Adipose-derived stem cells (ASCs) have the potential to differentiate into cartilage under stimulation with some reported growth and transcriptional factors, which may constitute an alternative for cartilage replacement approaches. In this study, we analyzed the in vitro chondrogenesis of ASCs transduced with adenoviral vectors encoding insulin-like growth factor-1 (IGF-1), transforming growth factor beta-1 (TGF-β1), fibroblast growth factor-2 (FGF-2), and sex-determining region Y-box 9 (SOX9) either alone or in combinations.


Aggregate cultures of characterized ovine ASCs were transduced with 100 multiplicity of infections of Ad.IGF-1, Ad.TGF-β1, Ad.FGF-2, and Ad.SOX9 alone or in combination.

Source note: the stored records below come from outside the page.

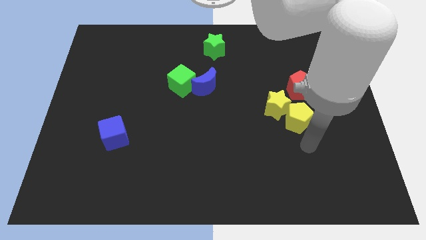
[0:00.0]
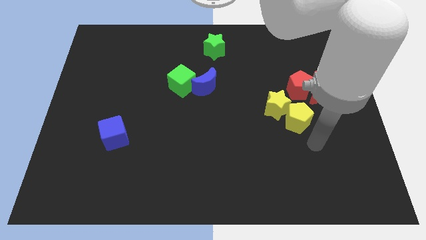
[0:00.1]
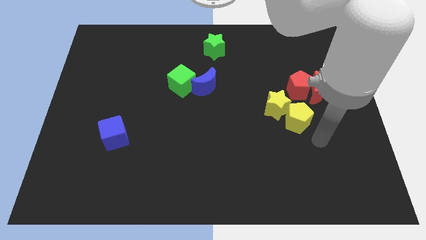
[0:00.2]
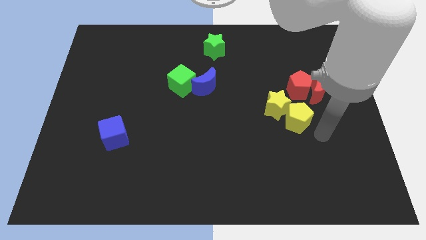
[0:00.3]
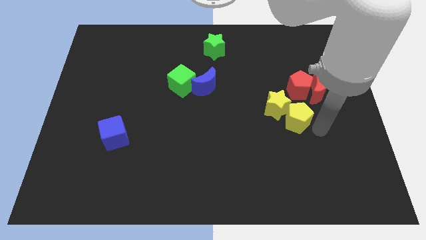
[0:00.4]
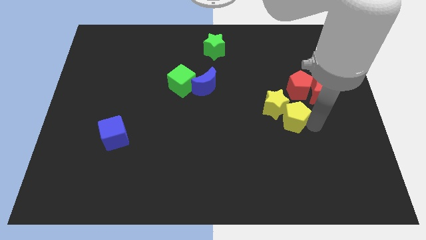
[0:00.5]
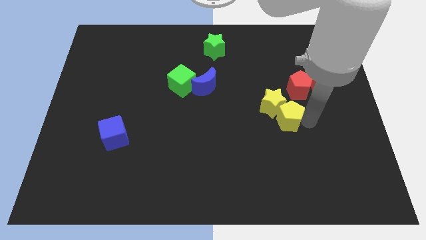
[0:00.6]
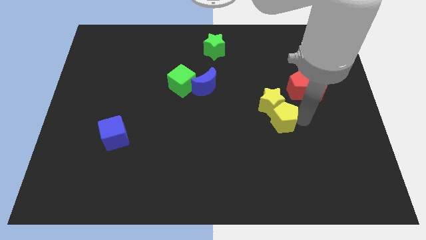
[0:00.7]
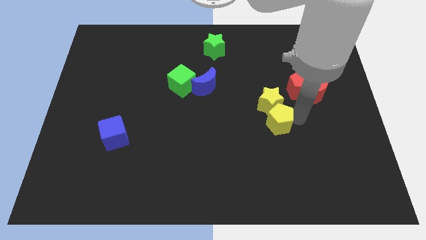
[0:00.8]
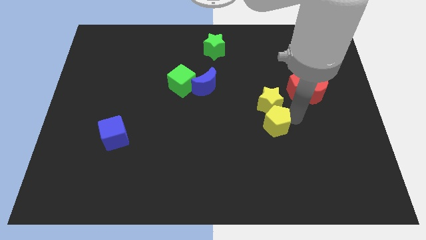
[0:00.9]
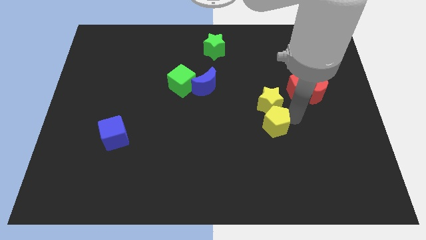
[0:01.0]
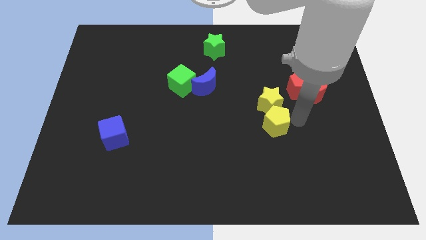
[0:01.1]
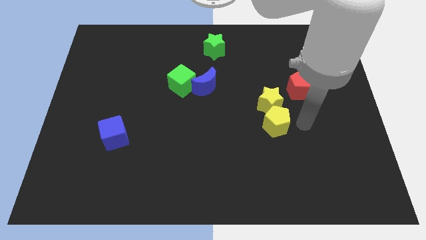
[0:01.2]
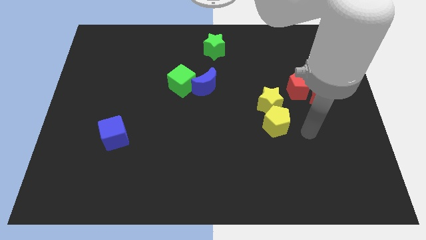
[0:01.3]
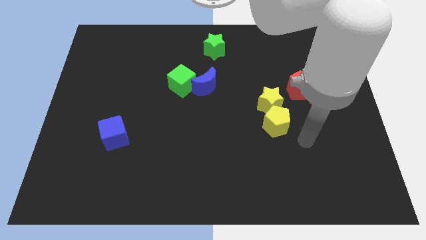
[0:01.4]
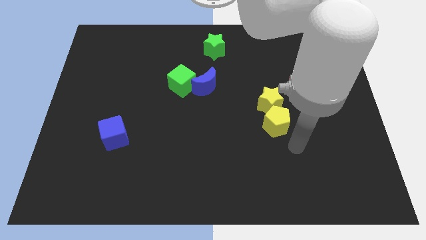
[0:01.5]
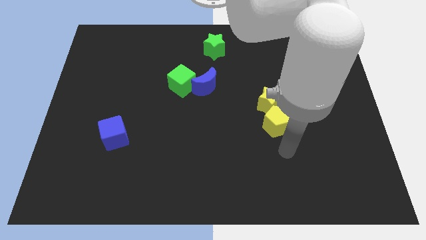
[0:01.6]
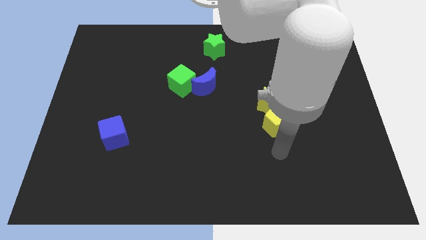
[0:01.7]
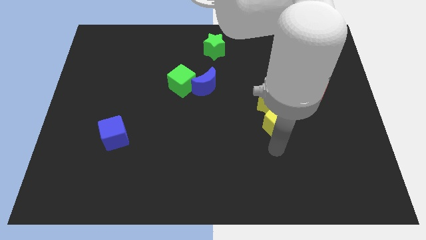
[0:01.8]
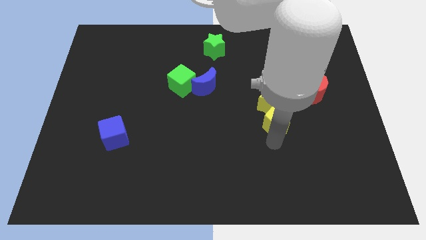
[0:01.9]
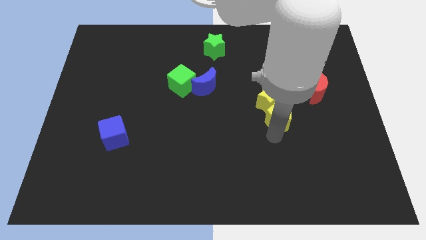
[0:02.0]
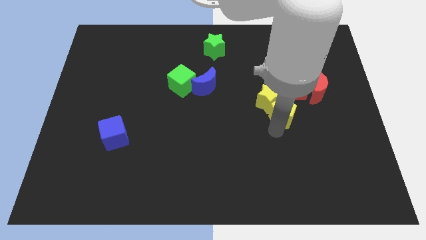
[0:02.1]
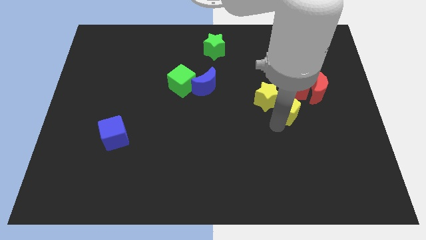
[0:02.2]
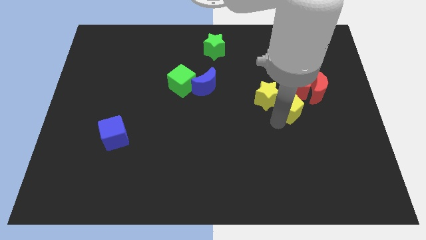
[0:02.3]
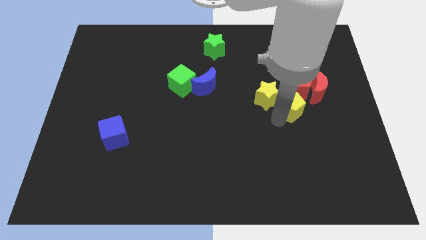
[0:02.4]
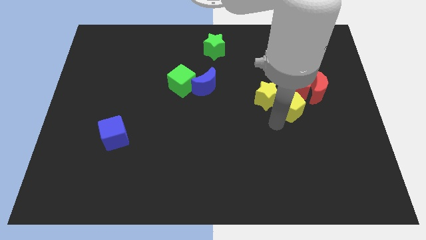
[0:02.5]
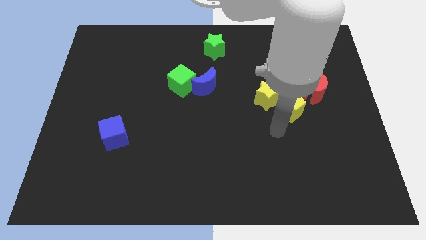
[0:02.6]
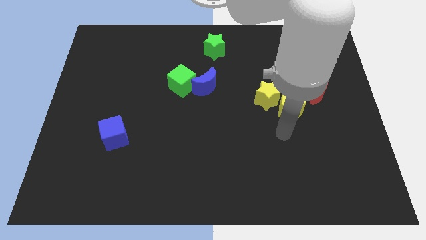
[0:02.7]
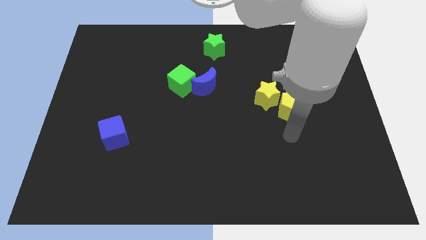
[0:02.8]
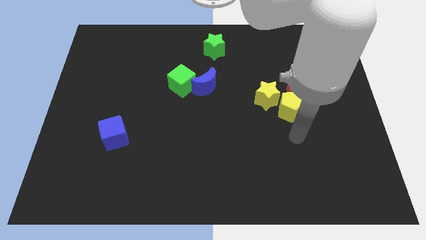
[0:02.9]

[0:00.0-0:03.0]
push the yellow pentagon below to the red pentagon

These were harvested at various time points for detection of cartilage-specific genes expression by quantitative real-time PCR or after 14 and 28 days for histologic and biochemical analyses detecting proteoglycans, collagens (II, I and X), and total sulfated glycosaminoglycan and collagen content, respectively.

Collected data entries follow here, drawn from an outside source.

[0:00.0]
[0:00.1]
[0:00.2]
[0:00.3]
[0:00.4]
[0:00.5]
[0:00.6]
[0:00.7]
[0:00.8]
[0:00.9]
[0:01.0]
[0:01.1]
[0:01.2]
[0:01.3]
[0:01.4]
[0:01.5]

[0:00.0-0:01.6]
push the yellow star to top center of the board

Expression analyses showed that co-expression of IGF-1 and FGF-2 resulted in higher significant expression levels of aggrecan, biglycan, cartilage matrix, proteoglycan, and collagen II (all P ≤0.001 at 28 days). Aggregates co-transduced with Ad.IGF-1/Ad.FGF-2 showed a selective expression of proteoglycans and collagen II, with limited expression of collagens I and × demonstrated by histological analyses, and had significantly greater glycosaminoglycan and collagen production than the positive control (P ≤0.001). Western blot analyses for this combination also demonstrated increased expression of collagen II, while expression of collagens I and × was undetectable and limited, respectively.


Combined overexpression of IGF-1/FGF-2 within ASCs enhances their chondrogenic differentiation inducing the expression of chondrogenic markers, suggesting that this combination is more beneficial than the other factors tested for the development of cell-based therapies for cartilage repair.